Event Review: Online Information 2012 Day 2

SLA Europe DigiComms

In the second part of his write up of the Online Information conference, Steve Borley discusses the keynote speech by Gerd Leonhard on the future of the internet and offers his overall thoughts of the conference.

The keynote speaker on the second day, Gerd Leonhard, is a media futurologist and his tiny wee topic was ‘The future of the Internet’. Very stimulating it was too. With a title like that it was always going to be pretty wide-ranging and Leonhard covered a lot of ground.He argues that “data is the new oil”; that big data is a new natural resource and indispensable to business and society.  He asks if we’ll come up with a better business model that we have for oil, with a few large corporations controlling the raw data and refining it into that which we can use. Will we create a better system that pays for the externalities (external costs) of big data in a way we have singularly failed to do with oil?

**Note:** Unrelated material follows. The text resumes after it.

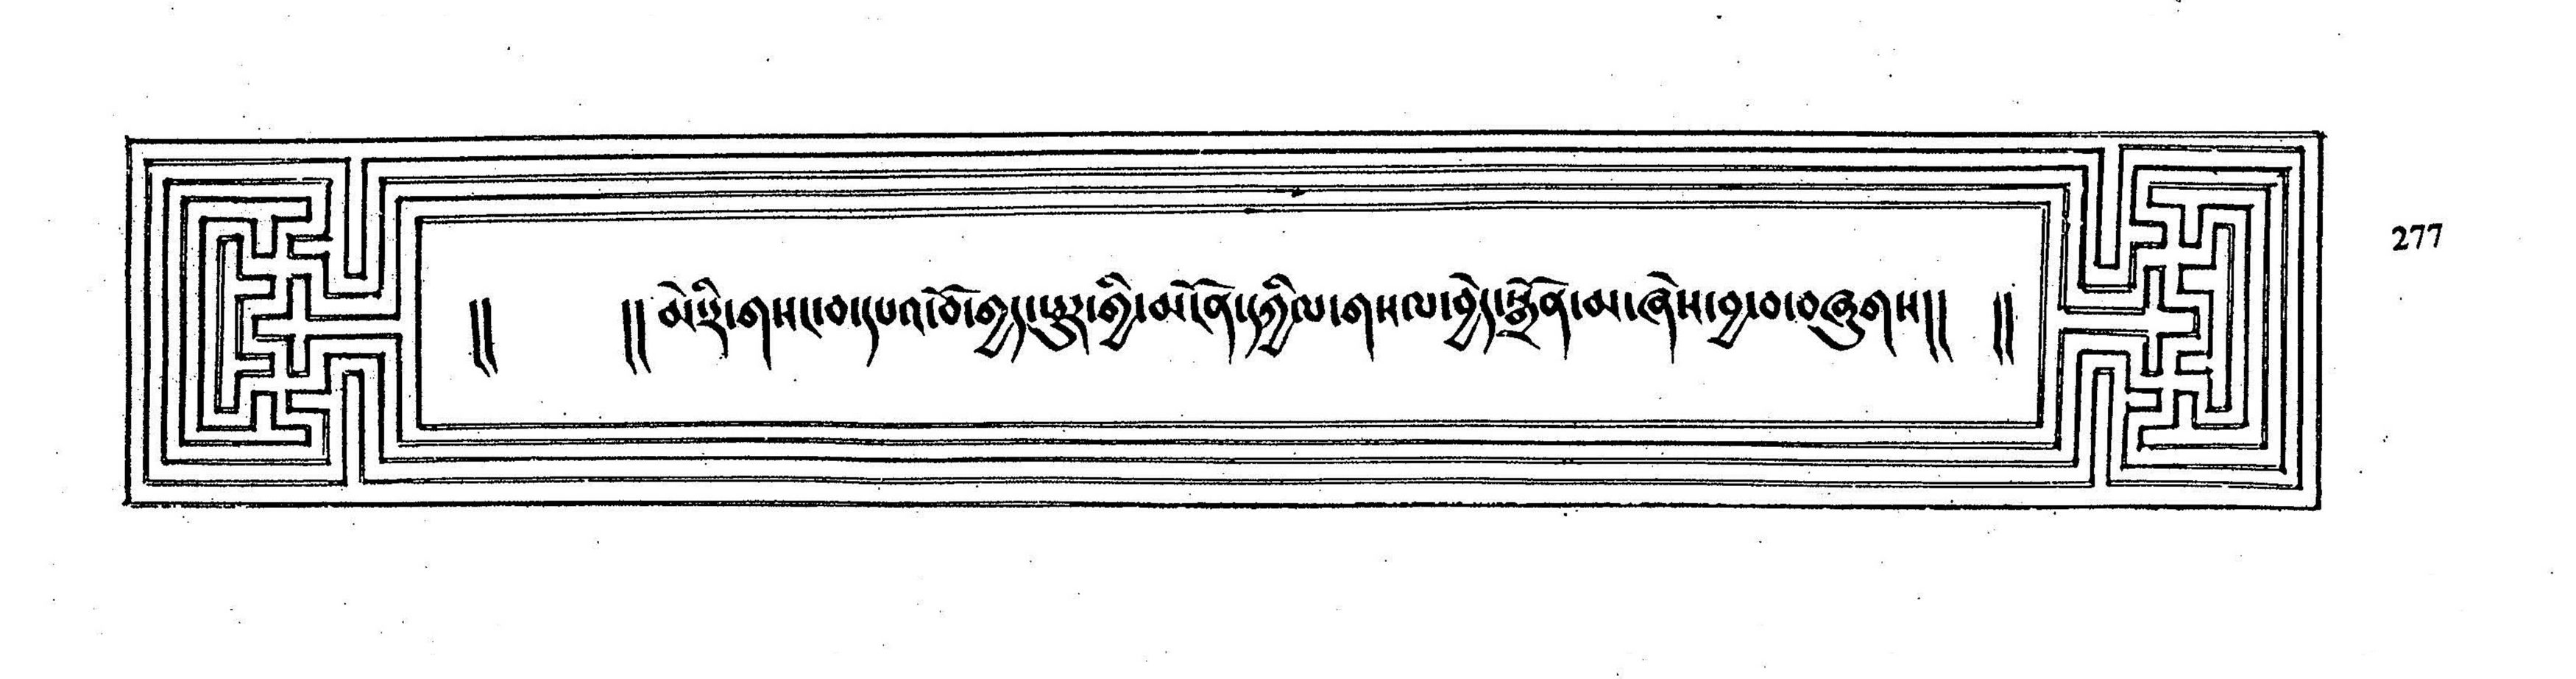མེ་རི་གསང་བ་དཔའ་བོ་གྱད་ཕུར་གྱི་མངོན་དཀྱིལ་གསལ་བྱེད་སྒྲོན་མ་ཞེས་བྱ་བ་བཞུགས།།

His second message was that we better get our business ready for the big data world. He points out that everything is moving from ‘stuff to bits’, that is: becoming virtualised. He cites education, money, music and many other industries that now increasingly exist in an online, virtual form.Leonhard told us our increasing willingness to rate, like and generally pass comment on things is part of a trend towards an increasingly networked society and all business models will have to similarly be networked in future. In almost every industry the centralised behemoth model is dead or dying. We’re passing through the decentralised models and soon the distributed, liquid business models will prevail. Why? Because our experience of life is networked, linked up (and LinkedIn) to others.

Steve Borley
Steve Borley

This, in turn, poses questions for the individual and who they are. Leonhard argues we are seeing the rise of the ‘Fabricated Me’; the personality and identity that we create for ourselves in the networked world. But, he says, we must bear in mind that Facebook knows what we are saying and Google knows what we are thinking. This puts everything about us potentially out in the open and his view is that ‘data spills’ are increasingly likely. He also argues that the ‘hedonic treadmill’ of constant commentary and updating of where we are, who we are with and what we are doing will becoming increasingly difficult to keep pace with. We can’t compete with all 800 million people on Facebook in the interesting, fun and attractive stakes. Despite this, the trend is towards ‘public by default’ and that in the (near) future we will have to pay if we want our online privacy.So just a bit in there to consider….. I couldn’t argue with much of it though I was intrigued by his acknowledgement that the BRICI countries (that’s BRIC plus Indonesia) will be where the growth in online participation yet didn’t really address the issue that Internet usage in China is already very high, but participation is via networks that we don’t use in the West – RenRen instead of Facebook, and Sina Weibo a kind of Twitter/Facebook hybrid. If that remains walled off, will we really develop the “global brain” he spoke of, and if not how does this change his thesis about the future?Nonetheless, it was a really stimulating presentation though the scope does make you wonder – similar to Doctorow – so what am I supposed to do about it exactly?

So, where does this leave Online for 2013? I must admit, by day two of the conference I did become slightly overwhelmed by the incongruity of people travelling some distance and all the cost that entails to hear speaker after speaker talk about how life is now…. online.. We sat in a room to hear this and – with an entirely straight face – speakers said so under a big sign saying ‘Online’.

Am I saying Online 2013 is non-starter? No I’m not. There was a lot to enjoy this year but there was also a missed opportunity or three. I have to say the social media stuff delivered via Vivastream didn’t work for me. That’s a factual statement. It just didn’t work on my phone. It stopped being mentioned by lunch on the first day and I get no sense that I missed anything vital, though I appreciate that may only be my experience.

The biggest missed opportunity was the absence of more sessions that leveraged the fact that real people were in a room together. In truth most of the programme could have been delivered by webinar and been no worse for that. But there we were and, apart from a small space for exhibitors, there was virtually no effort made to use the fact that we were face to face. Indeed, the lunch arrangements were so chaotic – with literally nowhere to sit at a table to eat and talk – that they actually discouraged real life conversation.

So, next year, if we are going to come together again can we use the fact we’ll be in a room together a bit more creatively: knowledge cafes, breakout sessions, discussion groups? Either that, of course, or relocate the whole thing to Stockholm.